- [What to produce]: Would you please return the lines of the entries below starting at the line that has "སྒྲ་རང་བྱུང་སྒ" and ending at the line that has "པར་བྱེད་དོ། ཚོ", both included, exactly as they are?

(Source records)
####################
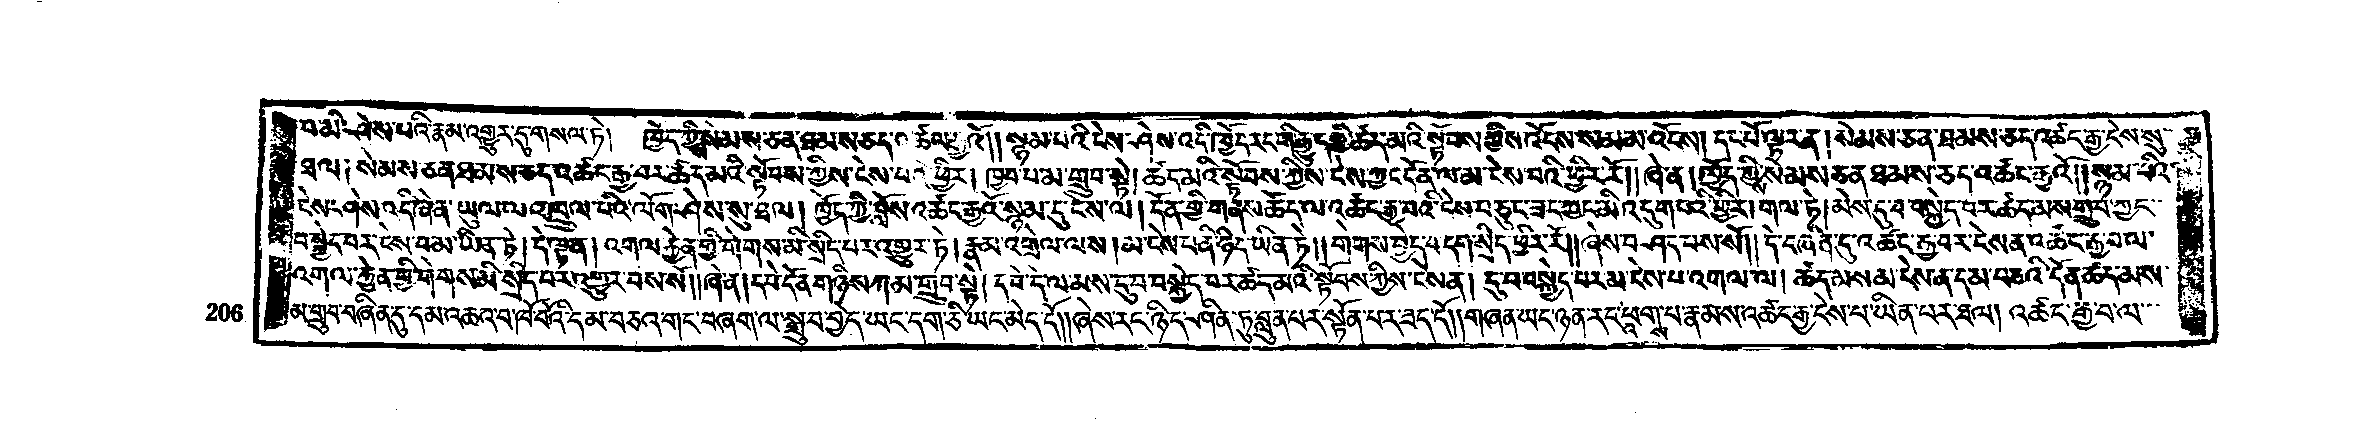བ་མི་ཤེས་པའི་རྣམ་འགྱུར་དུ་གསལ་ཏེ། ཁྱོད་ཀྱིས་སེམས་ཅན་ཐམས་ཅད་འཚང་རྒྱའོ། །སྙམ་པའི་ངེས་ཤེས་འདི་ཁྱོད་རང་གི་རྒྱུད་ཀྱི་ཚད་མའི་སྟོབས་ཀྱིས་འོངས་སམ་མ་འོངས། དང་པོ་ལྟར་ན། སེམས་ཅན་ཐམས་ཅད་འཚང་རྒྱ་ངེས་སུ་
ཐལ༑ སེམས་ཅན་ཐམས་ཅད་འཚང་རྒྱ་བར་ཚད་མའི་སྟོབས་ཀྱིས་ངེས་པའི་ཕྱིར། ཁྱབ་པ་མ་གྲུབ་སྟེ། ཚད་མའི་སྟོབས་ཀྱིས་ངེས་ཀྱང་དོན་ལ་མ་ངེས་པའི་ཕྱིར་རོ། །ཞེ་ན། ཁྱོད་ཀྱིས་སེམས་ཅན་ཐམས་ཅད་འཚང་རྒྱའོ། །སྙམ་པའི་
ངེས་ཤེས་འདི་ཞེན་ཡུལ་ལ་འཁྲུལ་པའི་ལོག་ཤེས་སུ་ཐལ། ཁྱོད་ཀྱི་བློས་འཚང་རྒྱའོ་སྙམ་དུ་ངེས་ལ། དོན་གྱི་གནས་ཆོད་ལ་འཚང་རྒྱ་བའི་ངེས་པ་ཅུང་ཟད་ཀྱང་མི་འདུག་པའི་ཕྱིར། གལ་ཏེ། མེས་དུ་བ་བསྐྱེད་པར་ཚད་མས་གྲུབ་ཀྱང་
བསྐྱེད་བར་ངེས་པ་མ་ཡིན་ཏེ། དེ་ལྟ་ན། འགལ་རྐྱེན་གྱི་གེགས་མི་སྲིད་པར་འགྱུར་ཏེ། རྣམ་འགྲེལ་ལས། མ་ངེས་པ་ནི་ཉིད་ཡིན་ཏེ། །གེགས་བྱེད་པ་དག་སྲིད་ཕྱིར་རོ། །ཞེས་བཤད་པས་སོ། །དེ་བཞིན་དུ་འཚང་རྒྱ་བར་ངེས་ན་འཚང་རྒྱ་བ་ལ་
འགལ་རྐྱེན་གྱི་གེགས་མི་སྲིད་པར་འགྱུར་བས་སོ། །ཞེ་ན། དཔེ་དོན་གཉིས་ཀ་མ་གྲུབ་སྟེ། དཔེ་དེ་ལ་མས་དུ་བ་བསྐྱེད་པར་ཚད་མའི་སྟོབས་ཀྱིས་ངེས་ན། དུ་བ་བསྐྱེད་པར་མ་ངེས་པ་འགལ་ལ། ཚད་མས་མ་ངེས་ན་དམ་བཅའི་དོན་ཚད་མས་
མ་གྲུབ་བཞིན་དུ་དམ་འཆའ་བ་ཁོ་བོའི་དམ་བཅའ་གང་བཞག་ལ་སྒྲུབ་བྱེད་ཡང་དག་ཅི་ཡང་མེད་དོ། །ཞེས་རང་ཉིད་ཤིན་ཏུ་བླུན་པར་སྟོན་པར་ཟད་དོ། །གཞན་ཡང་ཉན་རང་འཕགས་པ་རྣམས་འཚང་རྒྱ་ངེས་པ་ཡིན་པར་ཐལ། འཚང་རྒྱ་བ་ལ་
####################
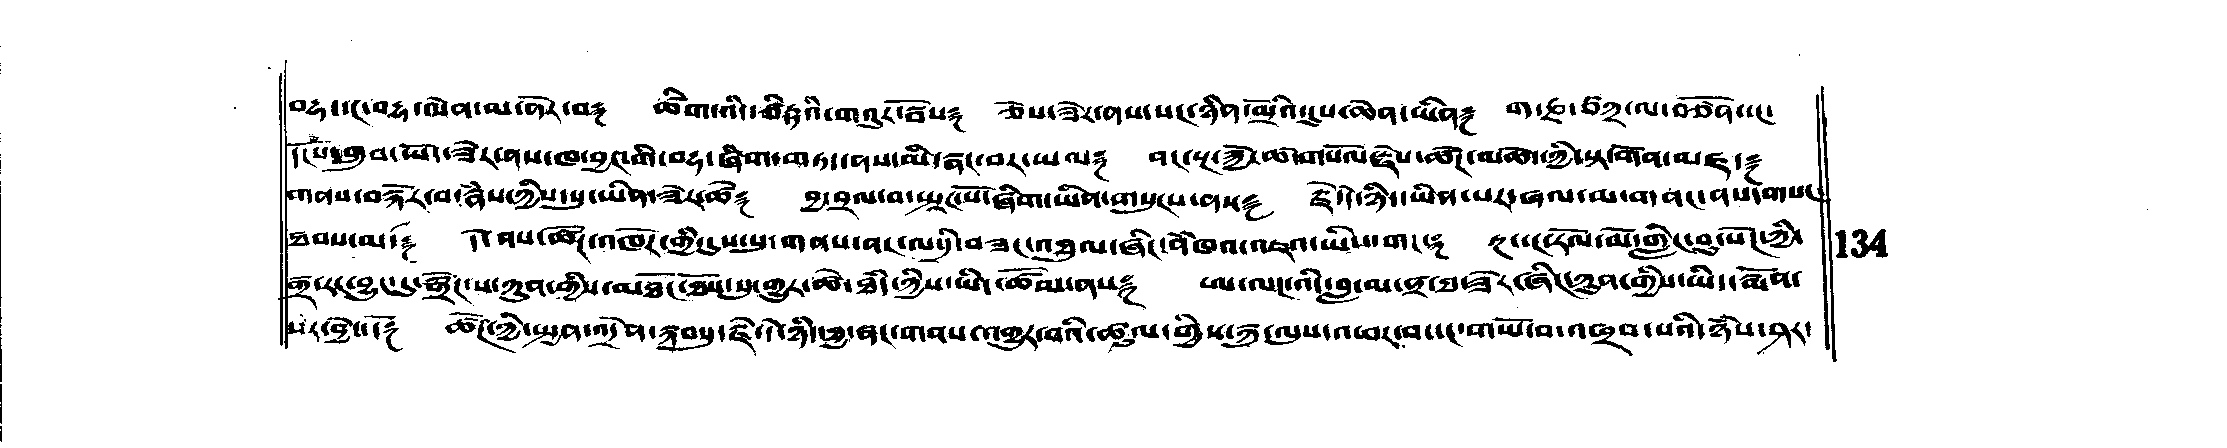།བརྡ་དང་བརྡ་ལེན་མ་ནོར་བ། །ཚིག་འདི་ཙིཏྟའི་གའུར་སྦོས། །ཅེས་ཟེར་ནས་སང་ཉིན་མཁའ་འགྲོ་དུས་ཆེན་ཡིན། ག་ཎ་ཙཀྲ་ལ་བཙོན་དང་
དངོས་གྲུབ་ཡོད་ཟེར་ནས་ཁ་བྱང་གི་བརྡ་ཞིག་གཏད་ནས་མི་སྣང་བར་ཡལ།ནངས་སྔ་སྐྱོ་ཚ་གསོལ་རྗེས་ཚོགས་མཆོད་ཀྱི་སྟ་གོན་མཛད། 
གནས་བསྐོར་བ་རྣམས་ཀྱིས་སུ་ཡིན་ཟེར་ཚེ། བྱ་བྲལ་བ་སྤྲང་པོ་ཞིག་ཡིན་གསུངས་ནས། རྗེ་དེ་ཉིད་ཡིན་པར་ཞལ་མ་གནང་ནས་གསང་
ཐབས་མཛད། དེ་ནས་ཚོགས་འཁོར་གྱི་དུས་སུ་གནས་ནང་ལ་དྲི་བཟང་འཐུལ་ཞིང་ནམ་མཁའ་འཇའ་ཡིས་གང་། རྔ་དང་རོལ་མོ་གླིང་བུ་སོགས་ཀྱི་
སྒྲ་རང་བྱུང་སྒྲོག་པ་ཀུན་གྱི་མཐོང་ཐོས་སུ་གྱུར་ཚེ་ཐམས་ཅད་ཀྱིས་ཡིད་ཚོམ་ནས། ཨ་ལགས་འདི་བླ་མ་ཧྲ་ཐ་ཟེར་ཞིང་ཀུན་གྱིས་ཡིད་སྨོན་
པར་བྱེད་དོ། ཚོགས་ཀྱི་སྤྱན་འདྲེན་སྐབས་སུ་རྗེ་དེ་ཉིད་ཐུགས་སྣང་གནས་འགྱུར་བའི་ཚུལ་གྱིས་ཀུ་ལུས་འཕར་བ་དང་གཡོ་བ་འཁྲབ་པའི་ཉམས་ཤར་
####################
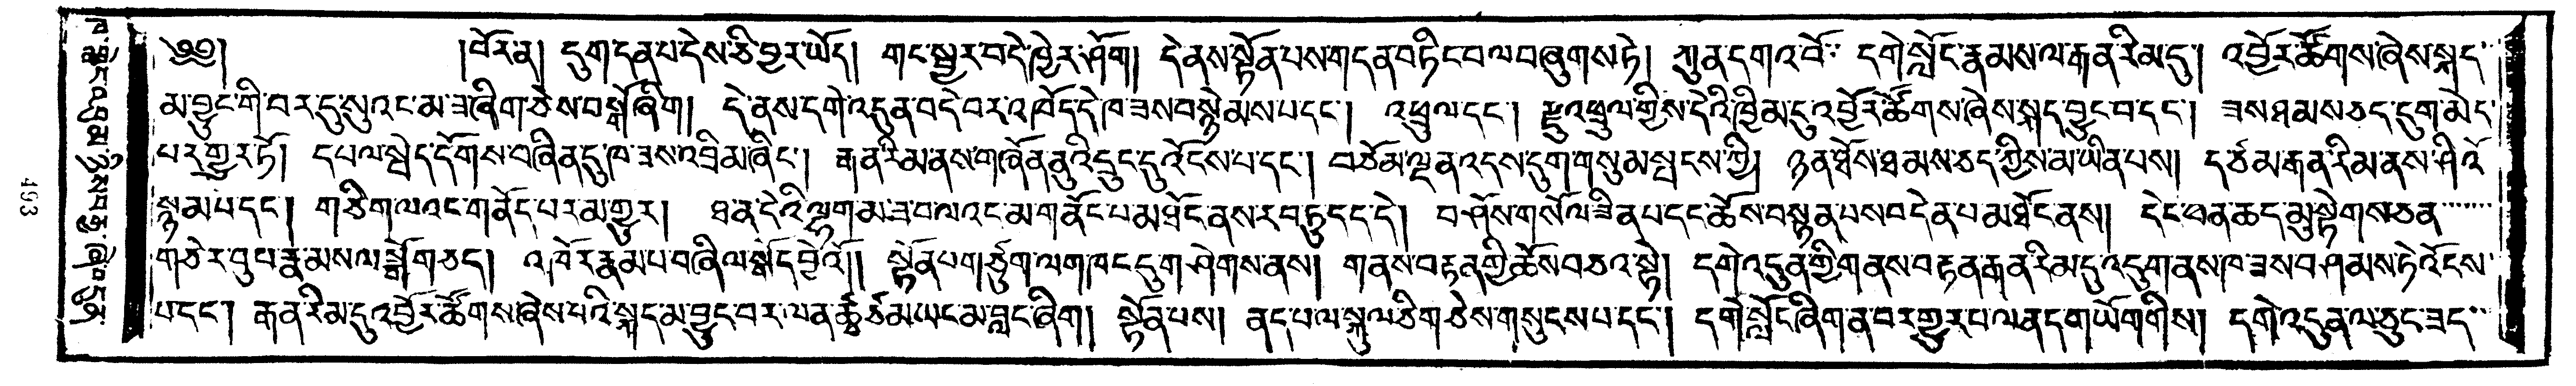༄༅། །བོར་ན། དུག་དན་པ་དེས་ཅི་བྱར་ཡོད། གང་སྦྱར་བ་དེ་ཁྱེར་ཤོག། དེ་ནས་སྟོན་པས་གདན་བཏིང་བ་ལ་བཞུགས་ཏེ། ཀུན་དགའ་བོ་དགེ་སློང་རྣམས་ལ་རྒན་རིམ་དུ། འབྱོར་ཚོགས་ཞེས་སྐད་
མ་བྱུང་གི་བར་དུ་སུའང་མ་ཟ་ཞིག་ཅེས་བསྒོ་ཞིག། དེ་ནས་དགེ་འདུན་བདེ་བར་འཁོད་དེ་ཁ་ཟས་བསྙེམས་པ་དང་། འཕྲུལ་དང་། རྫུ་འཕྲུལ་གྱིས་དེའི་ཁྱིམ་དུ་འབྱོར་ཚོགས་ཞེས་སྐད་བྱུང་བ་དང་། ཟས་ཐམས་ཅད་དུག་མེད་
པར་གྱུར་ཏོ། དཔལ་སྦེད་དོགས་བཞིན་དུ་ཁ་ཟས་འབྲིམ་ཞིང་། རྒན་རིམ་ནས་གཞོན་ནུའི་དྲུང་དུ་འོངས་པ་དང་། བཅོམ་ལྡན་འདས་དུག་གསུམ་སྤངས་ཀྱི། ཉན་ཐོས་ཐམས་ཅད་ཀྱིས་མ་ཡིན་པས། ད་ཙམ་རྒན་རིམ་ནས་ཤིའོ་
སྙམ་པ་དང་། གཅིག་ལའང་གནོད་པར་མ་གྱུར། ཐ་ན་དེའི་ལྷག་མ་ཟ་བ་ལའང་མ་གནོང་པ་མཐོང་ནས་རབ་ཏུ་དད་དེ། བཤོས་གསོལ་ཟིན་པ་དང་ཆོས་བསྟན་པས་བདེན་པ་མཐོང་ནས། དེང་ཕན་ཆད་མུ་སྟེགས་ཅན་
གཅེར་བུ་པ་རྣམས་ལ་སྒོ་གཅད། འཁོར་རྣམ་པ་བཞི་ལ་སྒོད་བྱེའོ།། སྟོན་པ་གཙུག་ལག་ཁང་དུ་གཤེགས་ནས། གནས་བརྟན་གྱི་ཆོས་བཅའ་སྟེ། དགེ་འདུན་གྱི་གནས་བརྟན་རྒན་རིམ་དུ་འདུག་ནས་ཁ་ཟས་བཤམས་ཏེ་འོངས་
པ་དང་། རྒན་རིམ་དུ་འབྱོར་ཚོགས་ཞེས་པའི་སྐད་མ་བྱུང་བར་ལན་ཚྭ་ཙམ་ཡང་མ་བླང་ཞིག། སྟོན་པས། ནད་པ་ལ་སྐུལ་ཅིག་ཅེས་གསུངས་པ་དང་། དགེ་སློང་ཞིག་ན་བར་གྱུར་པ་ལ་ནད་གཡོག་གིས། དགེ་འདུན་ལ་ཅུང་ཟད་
####################
- [Task response]:
སྒྲ་རང་བྱུང་སྒྲོག་པ་ཀུན་གྱི་མཐོང་ཐོས་སུ་གྱུར་ཚེ་ཐམས་ཅད་ཀྱིས་ཡིད་ཚོམ་ནས། ཨ་ལགས་འདི་བླ་མ་ཧྲ་ཐ་ཟེར་ཞིང་ཀུན་གྱིས་ཡིད་སྨོན་
པར་བྱེད་དོ། ཚོགས་ཀྱི་སྤྱན་འདྲེན་སྐབས་སུ་རྗེ་དེ་ཉིད་ཐུགས་སྣང་གནས་འགྱུར་བའི་ཚུལ་གྱིས་ཀུ་ལུས་འཕར་བ་དང་གཡོ་བ་འཁྲབ་པའི་ཉམས་ཤར་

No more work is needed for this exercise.